Additional benefit of NK alloreactive donors with concomitant activating KIRs

The effects of donor KIR gene diversity were recently investigated in a series of T cell–depleted haploidentical transplants.22 Approximately 25% of whites are homozygous for group A KIR haplotypes that contain the main inhibitory KIR genes. The others are either heterozygous or homozygous for group B KIR haplotypes that also carry various combinations of activating KIR genes (KIR2DS1, 2, 3, 5, and 3DS1).27 It is well established that KIR2DS1 binds HLA-C group 2 molecules with less affinity compared with its inhibitory counterpart KIR2DL1.41 Little is known about the ligands of other activating KIRs. Interestingly, several studies reported associations between activating KIR genes and the outcome of viral infections.42 HIV-infected individuals who were homozygous for KIR3DS1 and expressed the HLA-Bw480I allele progressed slowly to AIDS.43 The presence of activating KIR genes was associated with less cytomegalovirus reactivation after solid organ and HLA-identical hematopoietic transplantation.44-47 Finally, expansion of NK cells expressing activating KIRs was documented in cytomegalovirus-seropositive individuals.48 Haploidentical transplantation from NK alloreactive donors with concomitant KIR2DS1 and/or KIR3DS1 activating genes was associated with reduced incidence of infectious mortality and improved survival.22 Apparently, when KIR–ligand mismatches release NK cells from recipient HLA blockade, activating KIRs are allowed to enhance NK-cell functions on binding to their ligands on recipient cells. Indeed, in vitro analyses showed that KIR2DS1 binding to its HLA-C group 2 ligand upregulated interferon γ production by alloreactive NK cells in response to infectious challenge.22

Improving outcomes using the mother as donor

The donor–recipient relationship is another key factor that influences outcomes of T cell–depleted haploidentical transplantation.49,50 Trans-placental trafficking of maternal and fetal cells during pregnancy establishes long-term, reciprocal micro-chimerism in both mother and child.51 As a consequence, the immune system of the mother may become sensitized to paternal histocompatibility antigens. In fact, antibodies directed against paternal HLA antigens and T lymphocytes directed against paternal major and minor histocompatibility antigens were detected in multiparous women.52-54 It was hypothesized that mother’s “exposure” to paternal HLA haplotype antigens during pregnancy may affect transplantation outcomes when the mother acts as donor for the child. Indeed, survival after T cell–depleted haploidentical hematopoietic transplantation was improved using the mother as donor (vs all other family members).49 More recently, a retrospective European Bone Marrow Transplantation registry–based study in 438 haploidentical transplants (78% of patients received T cell–depleted grafts, 22% received unmanipulated grafts) for acute leukemia patients (pediatric and adult) showed that transplantation from mother donors, compared with transplantation from any other family member, is an independent factor predicting lower relapse, lower NRM, and better survival.50 One may hypothesize that T-cell depletion removed enough T cells to prevent GVHD but allowed transfer of sufficient numbers of tolerant/educated T cells that protected the child from relapse and infections.

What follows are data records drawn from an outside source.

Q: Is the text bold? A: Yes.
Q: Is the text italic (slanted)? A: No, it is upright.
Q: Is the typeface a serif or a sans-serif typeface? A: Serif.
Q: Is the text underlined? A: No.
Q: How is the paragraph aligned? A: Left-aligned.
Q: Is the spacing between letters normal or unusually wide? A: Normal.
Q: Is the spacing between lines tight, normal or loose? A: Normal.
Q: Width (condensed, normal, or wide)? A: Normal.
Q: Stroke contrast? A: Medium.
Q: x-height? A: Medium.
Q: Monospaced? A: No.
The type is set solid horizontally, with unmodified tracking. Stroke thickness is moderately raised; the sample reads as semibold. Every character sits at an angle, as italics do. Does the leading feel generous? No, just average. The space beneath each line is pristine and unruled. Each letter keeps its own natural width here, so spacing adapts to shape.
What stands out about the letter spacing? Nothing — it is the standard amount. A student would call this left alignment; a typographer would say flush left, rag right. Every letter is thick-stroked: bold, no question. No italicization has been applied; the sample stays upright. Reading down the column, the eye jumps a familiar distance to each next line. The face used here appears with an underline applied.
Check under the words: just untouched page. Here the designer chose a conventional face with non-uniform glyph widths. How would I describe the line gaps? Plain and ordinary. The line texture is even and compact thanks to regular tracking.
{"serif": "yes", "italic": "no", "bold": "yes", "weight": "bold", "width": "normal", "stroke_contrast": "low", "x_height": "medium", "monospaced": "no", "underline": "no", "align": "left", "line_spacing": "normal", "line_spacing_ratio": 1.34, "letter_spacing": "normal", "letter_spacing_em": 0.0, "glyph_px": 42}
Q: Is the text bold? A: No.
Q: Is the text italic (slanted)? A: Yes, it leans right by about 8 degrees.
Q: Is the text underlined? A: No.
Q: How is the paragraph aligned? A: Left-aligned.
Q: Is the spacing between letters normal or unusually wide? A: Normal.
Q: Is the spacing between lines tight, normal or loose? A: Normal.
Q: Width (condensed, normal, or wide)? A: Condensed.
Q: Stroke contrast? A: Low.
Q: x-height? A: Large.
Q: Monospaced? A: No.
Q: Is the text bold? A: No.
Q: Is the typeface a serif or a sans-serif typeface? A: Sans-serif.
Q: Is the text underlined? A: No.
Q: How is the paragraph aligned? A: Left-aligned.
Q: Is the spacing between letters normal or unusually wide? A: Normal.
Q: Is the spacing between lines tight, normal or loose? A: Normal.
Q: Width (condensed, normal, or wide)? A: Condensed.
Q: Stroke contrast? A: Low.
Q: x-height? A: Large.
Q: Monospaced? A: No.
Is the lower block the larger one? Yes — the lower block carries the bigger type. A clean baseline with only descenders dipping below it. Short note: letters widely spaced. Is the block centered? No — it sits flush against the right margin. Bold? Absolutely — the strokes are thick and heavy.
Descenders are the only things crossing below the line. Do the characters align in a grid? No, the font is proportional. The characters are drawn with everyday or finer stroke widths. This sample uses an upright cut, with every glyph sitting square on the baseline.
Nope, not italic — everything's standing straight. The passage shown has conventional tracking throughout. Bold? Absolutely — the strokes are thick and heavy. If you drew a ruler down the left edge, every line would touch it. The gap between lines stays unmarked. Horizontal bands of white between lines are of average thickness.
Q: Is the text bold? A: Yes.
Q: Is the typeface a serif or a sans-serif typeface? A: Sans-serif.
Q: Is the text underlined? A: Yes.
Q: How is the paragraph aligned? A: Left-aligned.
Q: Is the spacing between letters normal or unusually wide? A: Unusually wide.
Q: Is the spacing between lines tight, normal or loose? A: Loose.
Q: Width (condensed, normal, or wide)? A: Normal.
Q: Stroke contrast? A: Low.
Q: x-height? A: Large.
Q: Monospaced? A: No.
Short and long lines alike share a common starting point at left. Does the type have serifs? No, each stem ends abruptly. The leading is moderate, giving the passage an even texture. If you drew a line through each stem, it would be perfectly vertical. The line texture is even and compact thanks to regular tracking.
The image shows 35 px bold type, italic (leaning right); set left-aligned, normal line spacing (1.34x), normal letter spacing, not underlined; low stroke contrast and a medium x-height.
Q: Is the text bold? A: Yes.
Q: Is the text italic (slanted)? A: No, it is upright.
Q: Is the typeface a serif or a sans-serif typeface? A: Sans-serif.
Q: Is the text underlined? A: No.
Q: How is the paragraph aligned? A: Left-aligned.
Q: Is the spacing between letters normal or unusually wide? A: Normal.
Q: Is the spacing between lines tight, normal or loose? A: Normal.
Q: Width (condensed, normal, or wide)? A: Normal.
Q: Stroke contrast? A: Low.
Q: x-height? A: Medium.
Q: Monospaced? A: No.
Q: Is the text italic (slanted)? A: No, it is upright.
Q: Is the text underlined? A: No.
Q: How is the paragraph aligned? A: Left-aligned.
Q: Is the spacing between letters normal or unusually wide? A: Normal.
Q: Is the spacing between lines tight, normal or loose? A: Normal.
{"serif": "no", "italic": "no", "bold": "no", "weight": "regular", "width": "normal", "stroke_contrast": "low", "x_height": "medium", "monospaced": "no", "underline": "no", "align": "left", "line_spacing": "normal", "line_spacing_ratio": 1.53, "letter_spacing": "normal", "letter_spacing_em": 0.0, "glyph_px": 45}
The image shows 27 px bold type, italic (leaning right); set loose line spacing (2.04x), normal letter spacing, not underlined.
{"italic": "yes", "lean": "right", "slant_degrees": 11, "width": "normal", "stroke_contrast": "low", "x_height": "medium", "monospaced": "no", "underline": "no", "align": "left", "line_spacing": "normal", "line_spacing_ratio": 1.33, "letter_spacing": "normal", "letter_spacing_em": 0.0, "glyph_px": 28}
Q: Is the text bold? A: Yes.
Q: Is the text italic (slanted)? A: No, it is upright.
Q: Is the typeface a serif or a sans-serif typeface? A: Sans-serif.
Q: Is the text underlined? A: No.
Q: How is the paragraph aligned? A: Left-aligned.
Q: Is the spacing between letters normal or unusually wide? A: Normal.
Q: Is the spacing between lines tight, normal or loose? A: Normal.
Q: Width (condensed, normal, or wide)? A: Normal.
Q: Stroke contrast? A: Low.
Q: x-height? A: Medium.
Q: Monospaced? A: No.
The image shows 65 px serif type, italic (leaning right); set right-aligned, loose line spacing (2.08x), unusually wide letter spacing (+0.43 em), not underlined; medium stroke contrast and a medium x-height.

Whether and how such a tolerant/educated T-cell repertoire is generated is under investigation. Thus, NK alloreactive donors (preferentially those with activating KIRs) and/or mother donors should be preferred when selecting a donor for T cell–depleted haploidentical transplantation.18-22,49,50,55 Studies are needed to establish a hierarchy among such donor selection criteria.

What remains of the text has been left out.